The hero archetype is an energy we have lauded for millennia: a person who addresses a task, overcomes a fear, acts where needed, and provides an exemplum for others. But do we realize the presence of the hero archetype within us? To call it an archetype is to recognize its universal presence, found in all peoples in all eras. The task of the hero within is to overthrow the powers of darkness, namely, fear and lethargy. All those tales of defeating the dragon are mythopoetic versions of overthrowing the power of that which would swallow us, as both fear and lethargy do on a daily basis. Sooner or later, we are each called to face what we fear, respond to our summons to show up, and overcome the vast lethargic powers within us. This is what is asked of us, to show up as the person we really are, as best we can manage, under circumstances over which we may have no control. This showing up as best we can is growing up. That is all that life really asks of us: to show up as best we can.
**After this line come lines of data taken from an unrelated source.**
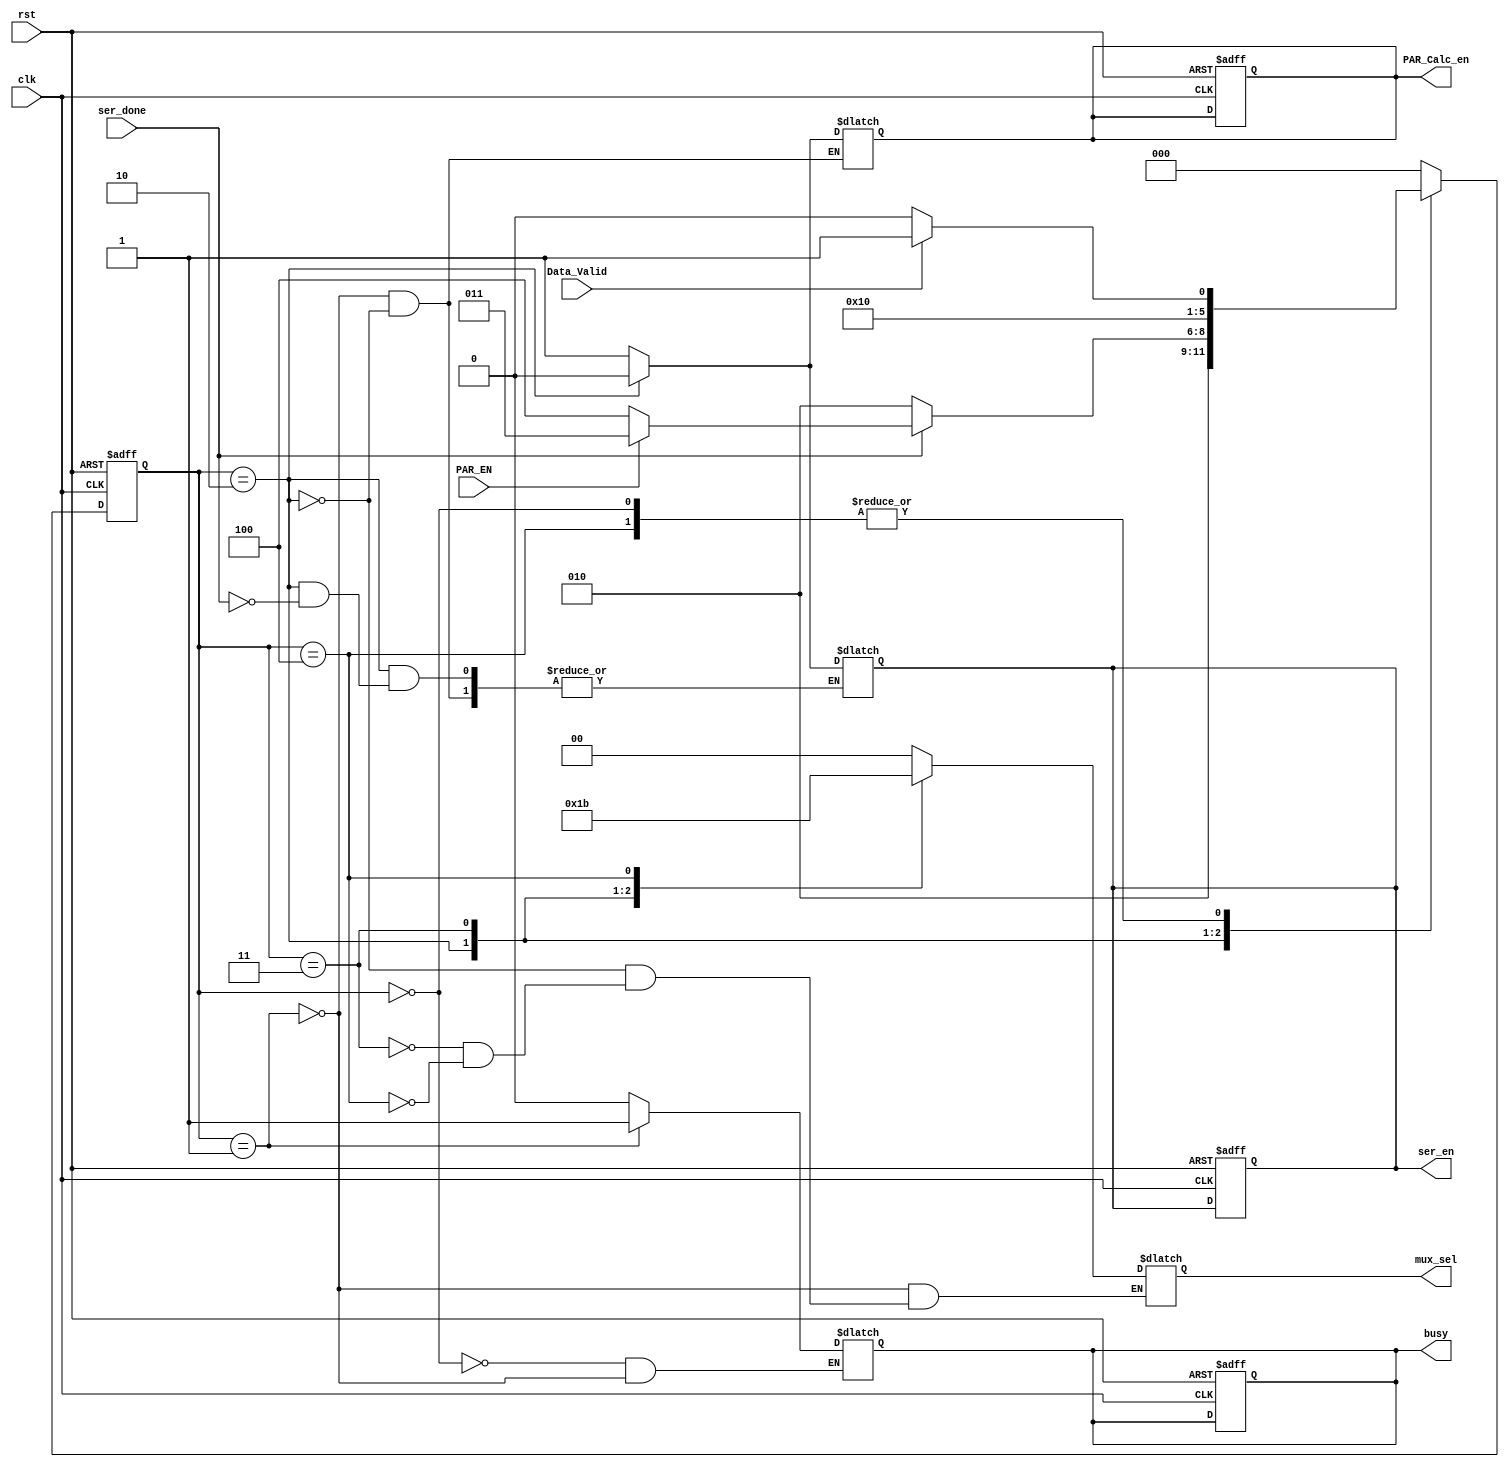
module FSM (
    input wire Data_Valid,
    input wire rst,
    input wire PAR_EN,
    input wire ser_done,
    input wire clk,
    output reg ser_en,
    output reg PAR_Calc_en,
    output reg [1:0] mux_sel,
    output reg busy

);

// state decleration 
localparam  [2:0]Idle =3'b000 ,
                Start =3'b001 ,
                Serial =3'b010 ,
                Parity =3'b011 ,
                Stop =3'b100 ;



reg    [2:0]         curent_state,
                     next_state ;

//state transation 
always @(negedge clk or negedge rst) 
begin
    if(~rst)
    begin  
    curent_state<=Idle;
    ser_en=0;
    busy=0;
    PAR_Calc_en=0;
    end
    else
    curent_state<=next_state;

end


always @(*) 
begin
case (curent_state)
    Idle:
    begin
        if (Data_Valid)
         begin
            //wake the uart up
            next_state=Start;
        end
        else
            next_state=Idle;
            busy=0;
    end

    Start:
    begin
            
            mux_sel=2'b00; //lunch start bit 
            ser_en=1; //serilazer activator
            busy=1;
            PAR_Calc_en=1; //to avoid parity calculation in undiserd state "during busy is high"
            next_state=Serial;
        
    end

    Serial:
    begin
    PAR_Calc_en=0;      //to avoid parity calculation in undiserd state "during busy is high"
    if (ser_done) 
    begin
        ser_en=0;       //Stop serilizer after the counter exceed its limmit

        if (PAR_EN) 
        begin
            // According to parity config's the frame size is changed and parity is added or not
            next_state=Parity;
        end
        else
            next_state=Stop;

    end
    else

        next_state=Serial;//lunch serial data for 8 clock's
        mux_sel=2'b01;
     
    end

    Parity:
    begin
        mux_sel=2'b10;
        next_state=Stop;
    end

    Stop:
    begin
        mux_sel=2'b11;
        if (Data_Valid) begin
        next_state=Start;// for cascded frames feature
        end
        else
        next_state=Idle;

    end

    default:next_state=Idle;

endcase


end
  



endmodule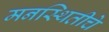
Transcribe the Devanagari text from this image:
मनस्थितीचे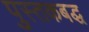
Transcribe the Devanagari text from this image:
पुस्तकबद्ध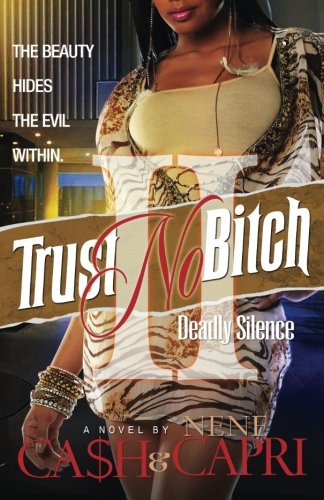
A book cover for Trust No Bitch 2 (Volume 2); Ca$h; Literature & Fiction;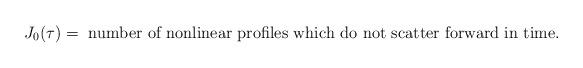
LaTeX: \begin{align*}J_0(\tau) = \mbox{ number of nonlinear profiles which do not scatter forward in time.} \end{align*}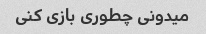
میدونی چطوری بازی کنی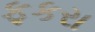
ફકરા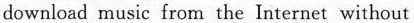
download music from the Internet without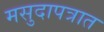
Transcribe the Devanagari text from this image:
मसुदापत्रात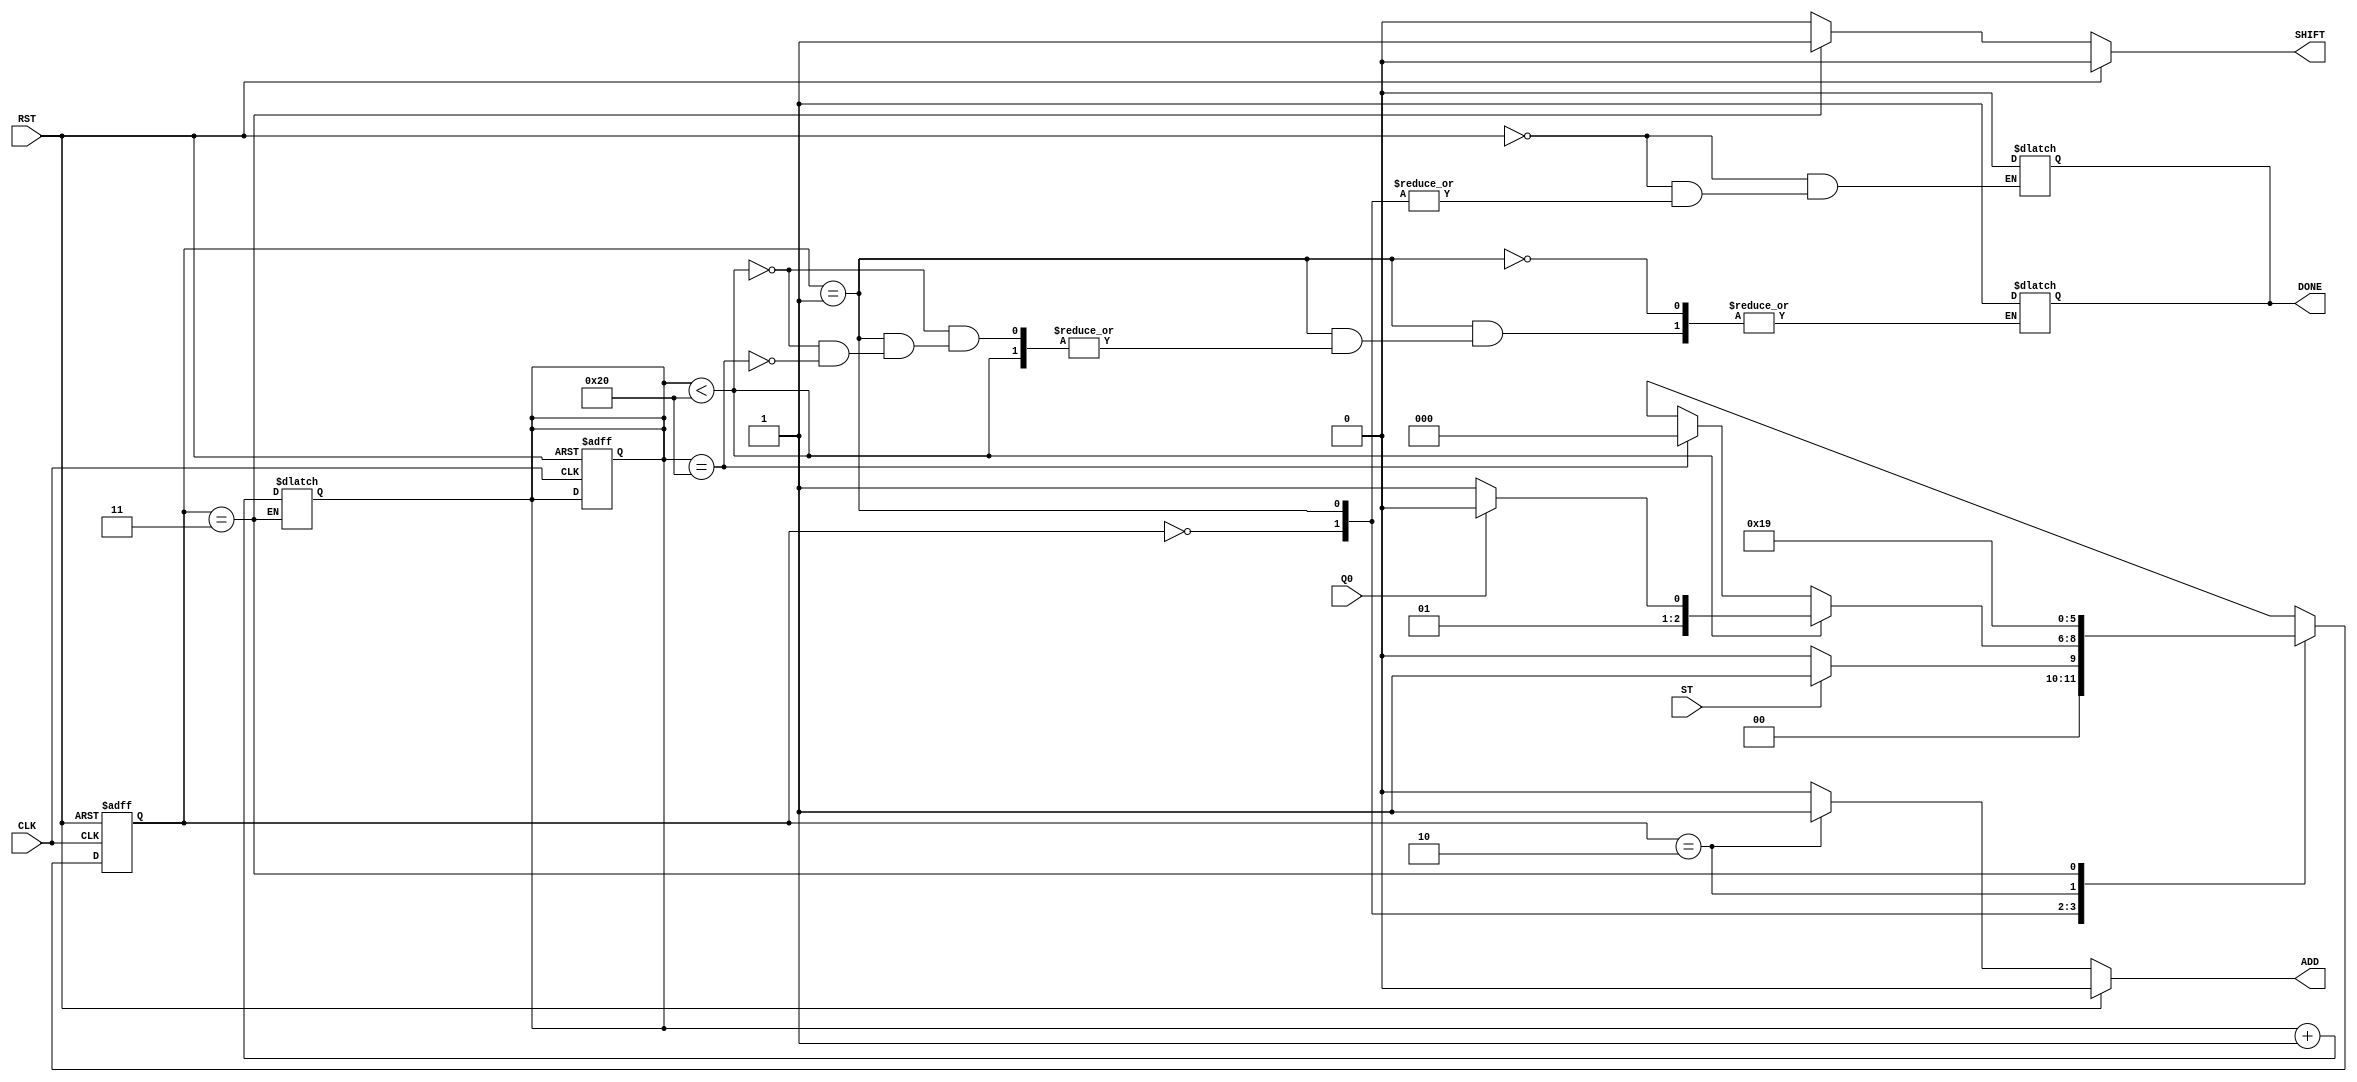
module mult_fsm( ST, CLK, RST, Q0, ADD, SHIFT, DONE );
  parameter N = 32;
  input ST, CLK, RST, Q0;
  output ADD, SHIFT;
  output DONE;
  
  reg ADD, SHIFT, DONE;
  wire ST, CLK, RST, Q0;
  
  reg A = 64'b0001;
  reg B = 64'b0010;
  reg cout;

  parameter Idle = 3'b000,
				Test = 3'b001,
				Add = 3'b010,
				Shift = 3'b011;
				
  reg [5 : 0] curr_count = 5'b0, nxt_count = 5'b0;
				
  reg [2 : 0] curr_state = Idle; 
  wire [2 : 0] nxt_state;
  
  assign nxt_state = fsm( curr_state, ADD, SHIFT, curr_count);
  
// ---------------------------------------------------
// INITIATE 

  always @ ( posedge CLK or posedge RST )
    begin : STATE_MACHINE
	   if( RST == 1 ) begin
		  curr_state = Idle;
		  curr_count = 5'b0;
		  nxt_count = 5'b0;
		end else begin
		  curr_state = nxt_state;
		  curr_count = nxt_count;
		end
	end

// ---------------------------------------------------
// NEXT STATE LOGIC
//  Always starts at Idle State and wait for ST signal
//    IF( ST = 1 ) --> next state ==> Test;
//	   IN TEST:
//			IF( COUNT < 32 ) --> CHECK Q
//						--> IF( Q = 0 ) --> SHIFT
//						--> IF( Q = 1 ) --> ADD
//						--> ELSE STAY IN TEST
//			IF( COUNT = 32 ) --> IDLE
//
//		IN ADD: WAIT A CC and then go to SHIFT
//		IN SHIFT: UPDATE COUNT and GO to TEST

  function [2 : 0] fsm;
    input [2 : 0] curr_state;
	 input ADD, SHIFT;
	 input [5 : 0] curr_count;
	 
	 case( curr_state )
		
	   Idle : begin
  		  if( ST == 1 ) begin
		    fsm = Test;
		  end else begin
		    fsm = Idle;
		  end
		end
		Test : if( curr_count < 32 ) begin
		         if( Q0 == 1 ) begin
					  fsm = Add;
					end else if( Q0 == 0 ) begin
					  fsm = Shift;
					end else begin
					  fsm = Test;
					end
				 end else if( curr_count == 32 ) begin
				   fsm = Idle;
					DONE = 1'b1;
				 end
		Add : begin
		  fsm = Shift;
		end
		Shift : begin
		  curr_count = curr_count + 1;		// update count
		  nxt_count = curr_count;
		  fsm = Test;
		end
    endcase
  endfunction
  

// ---------------------------------------------------
// OUTPUT LOGIC 
// SETS THE OUTPUT CONTROL SIGNALS -- ADD, SHIFT, AND DONE
// IN ADD --> SETS ADD = 1;
// IN SHIFT --> SETS SHIFT = 1;
//
// OTHER STAGES EVERYTHING STAYS AT 0


  always @ ( * )
    begin : OUTPUT_LOGIC
      if( RST == 1 ) begin
		  ADD = 1'b0;
		  SHIFT = 1'b0;
		  DONE = 1'b0;
		end else begin
		
		  case( curr_state )
			 Idle : begin
				ADD = 1'b0;
				SHIFT = 1'b0;
				//DONE = 1'b0;
			 end
			 
			 Test : begin
				ADD = 1'b0;
				SHIFT = 1'b0;
				//DONE = 1'b0;
			 end
			 
			 Add : begin
			  ADD = 1'b1;
			  SHIFT = 1'b0;
			  DONE = 1'b0;
			 end
			 
			 Shift : begin
				ADD = 1'b0;
				SHIFT = 1'b1;
				DONE = 1'b0;
			 end
			 
			 default : begin
				ADD = 1'b0;
				SHIFT = 1'b0;
				DONE = 1'b0;
			 end
		  endcase
     end   
	end


endmodule

I have always been moved by the example of Marcus Aurelius. Though he was the emperor and could have enjoyed any besotted sinecure back in Rome, he chose to be out in the field to face the Hun who wished to kill him. Was he different from us? No, he had the same fears and lethargic impulses we all have. Every day was a battle for him, as it is for us. He was as susceptible as we to the easy comfort of despair that we have more to handle than someone else or that others are better equipped than we for life’s journey. All of us have the same fears, the same seductive lethargy, and the same capacity for avoiding growing up. To compensate for my intimidation by fear and my inducement to lethargic avoidance, I often read the words of Marcus Aurelius as he rose in the morning, full of doubt, flush with fear, and replete with ready rationalizations to avoid what threatened:
At day’s first light, have in readiness, against disinclination to leave your bed, the thought that “I am rising for the work of man.” Must I grumble at setting out to do what I was born for, and for the sake of which I have been brought into the world? Is this the purpose of my creation, to lie here under the blankets and keep myself warm? “Ah, but it is a great deal more pleasant!” Was it for pleasure, then, that you were born and not for work?1
When I read these words to myself, I imagine I can see him, sharing the fate of his comrades, cold and shivering on the freezing Donau, and facing implacable enemies. And why do I repeatedly read these words? Because they remind me to stop feeling sorry for myself, my privileged life and privileged opportunities, and to stop whining and looking for an easy path. I remind myself to show up, in the best way I can, winning some of those internal battles against fear and lethargy, losing some, but with the fond hope that if I show up as best I can, then I will also be a grown-up. That is what life asks of each of us: to grow up, be accountable, be present. That is what our partners ask of us, our children ask of us, and our world asks of us. When we show up as best we can, then on any given day, we are a grown-up and contribute to carrying the world’s burden, rather than adding to it.
Ask yourself these simple questions: Where do I need to grow up, step into my life? What fear will I need to confront in doing so? Is that fear realistic or from an earlier time in my development? And, given that heavy feeling I have carried for so long already, what is the price I have to pay for not growing up?